C'est le blog de la DreamTeamMP, c'est à dire un groupe d'amis de Classe préparatoire qui ne se sont pas perdus de vue après les concours. C'est notre vie, nos vies, nos envies et notre blog.
Après presque trois semaines passées dans la même ville, j'ai pris un ferry et passé deux jours ailleurs, puis je suis monté dans un avion pour aller un peu plus loin. Le vol était heureusement court, mais un peu chaotique, l'avion a traversé des zones de turbulence, des nuages tout le long, que du blanc, et après avoir vu notre itinéraire, j'ai pu constater qu'il n'avait pas été tout droit du tout.
En arrivant, des maisons, que des maisons, sur des dizaines de kilomètres. Cet étalement urbain engendre de la pollution (puisqu'il faut bien se déplacer), et rend la ville quelque peu dépaysante pour un Européen. Vers l'Est, les prairies s'étendent à perte de vue, si l'on veut bien mettre de côté les quelques nuages. Dans cette direction, le ciel prend un bleu étrange. Une couleur inquiétante, qui semble cacher quelque chose, et qui s'accorde bien avec le gris très foncé, menaçant, des nuages proches.
Après avoir atterri, je me dirige vers le centre de la ville, et ce qui me frappe en premier, ce sont les grandes distances que l'on parcourt pour cela, et les voitures partout ! Des centres commerciaux immenses, des parcs de stationnement tout aussi grands, et des autoroutes de bien plus de quatre voies de large. Je n'ai même pas fait mille kilomètres, mais le décor a radicalement changé.
Ici, les gratte-ciel semblent plus hauts qu'avant, mais moins beaux. Des "couleurs" (si l'on peut dire), plus froides, plus sombres. Les longues rues du centre-ville ont l'air larges, mais les immeubles qui les bordent leur donnent un effet de tunnel, ou au moins de tranchée. Originalité, il y a des passages couverts pour les piétons à quinze pieds du sol, au-dessus de presque toutes les rues.
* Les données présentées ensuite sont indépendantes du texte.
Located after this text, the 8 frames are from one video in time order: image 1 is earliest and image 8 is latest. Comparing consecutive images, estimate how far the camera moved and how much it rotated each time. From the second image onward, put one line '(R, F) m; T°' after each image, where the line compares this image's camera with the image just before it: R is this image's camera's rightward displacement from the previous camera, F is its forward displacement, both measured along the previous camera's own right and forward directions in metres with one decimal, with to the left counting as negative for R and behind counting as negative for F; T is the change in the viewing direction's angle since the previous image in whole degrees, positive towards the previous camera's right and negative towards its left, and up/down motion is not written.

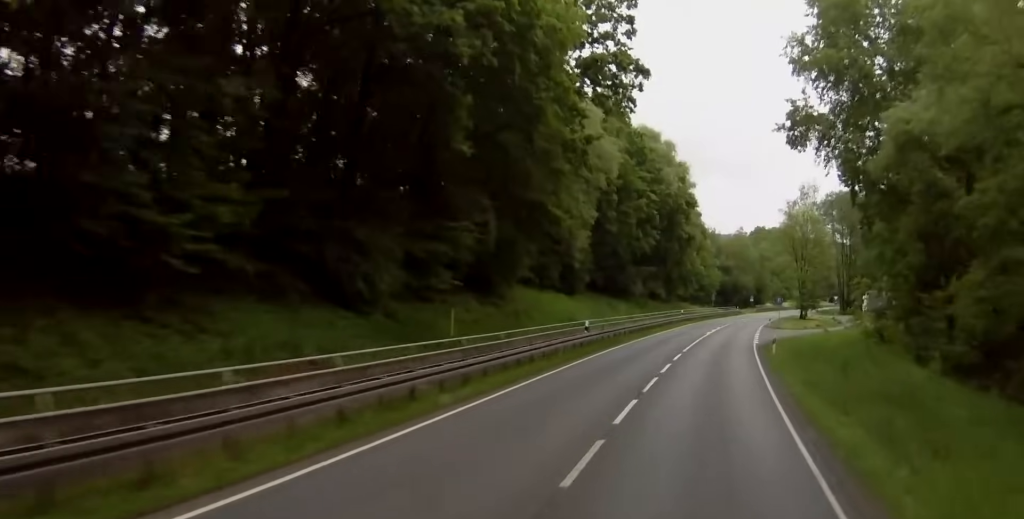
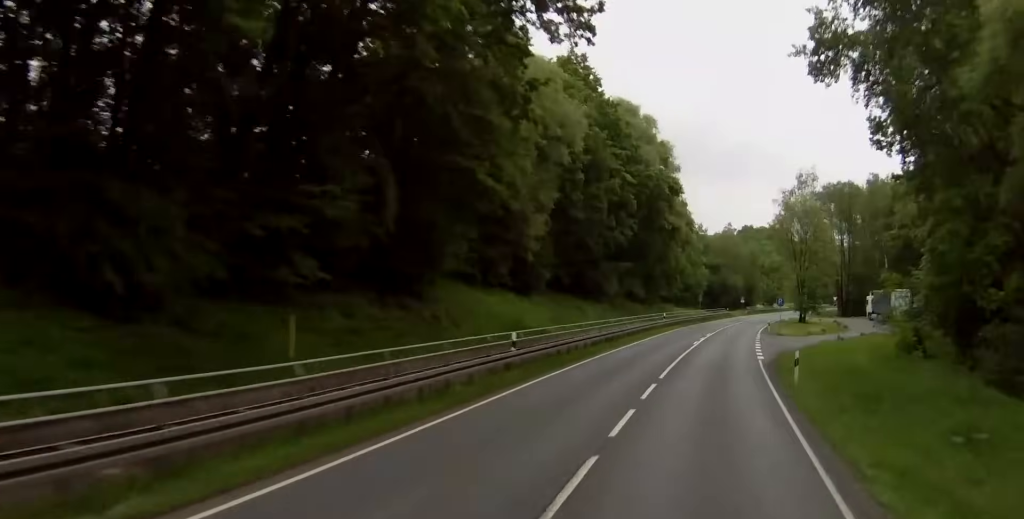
(-0.1, +12.3) m; 0°
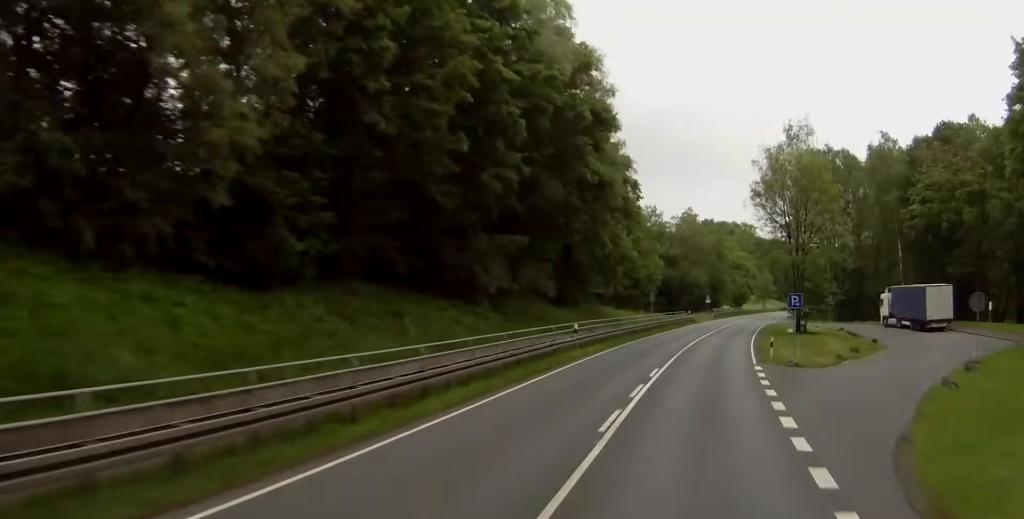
(+0.2, +27.1) m; +2°
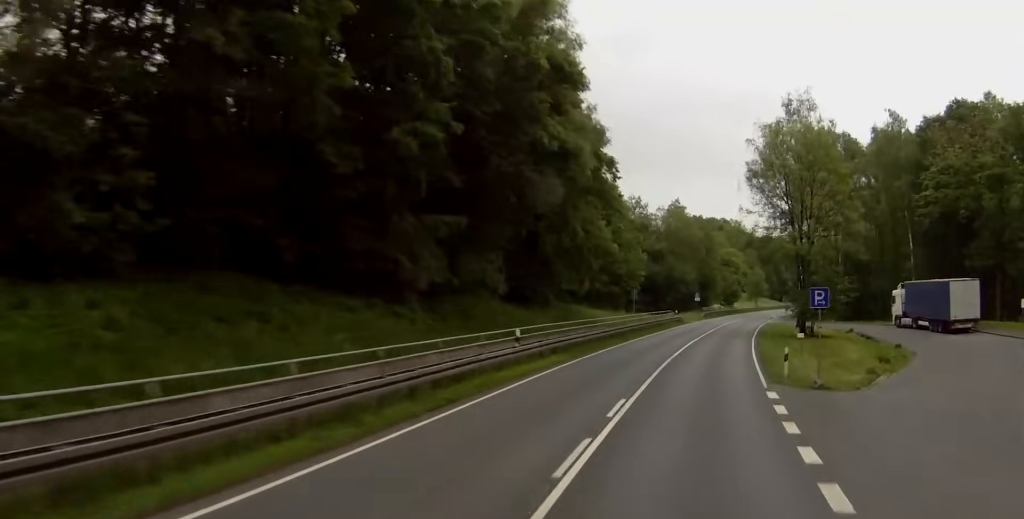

L'orage commence à gronder et la pluie à tomber. Ici, il semble que les orages ne fassent pas dans la demi-mesure, mais pour l'instant j'ai été relativement épargné.
En retournant dans le centre-ville pour me promener, j'ai pris une douche froide. Pas pour la pluie, même s'il y en avait beaucoup, non, c'est du sens figuré. Habitué aux villes européennes avec un minimum de vie dans les rues, le peu de chaleur humaine que j'ai pu trouver ici m'a tout de suite laissé une impression désagréable. Les rues sont très larges, les trottoirs aussi, il est dix-neuf heures, mais personne ne marche, et le mauvais temps ne semble pas en être le seul responsable, même si j'ai du mal à croire que nous sommes en plein mois de juillet. En revanche, les voitures, elles, sont bien présentes, et occupent trois ou quatre voies de chaque rue à sens unique. On dirait que les gens veulent s'isoler dans leurs tas de ferraille, ne pas se rencontrer. Les multiples tours de verre du quartier n'aident pas, et sont plus impersonnelles qu'autre chose ; d'une certaine manière, c'est impressionnant. Impersonnel, je trouve que c'est le mot qui caractérise le mieux cette ville, pour ce que j'en avais vu à ce moment-là.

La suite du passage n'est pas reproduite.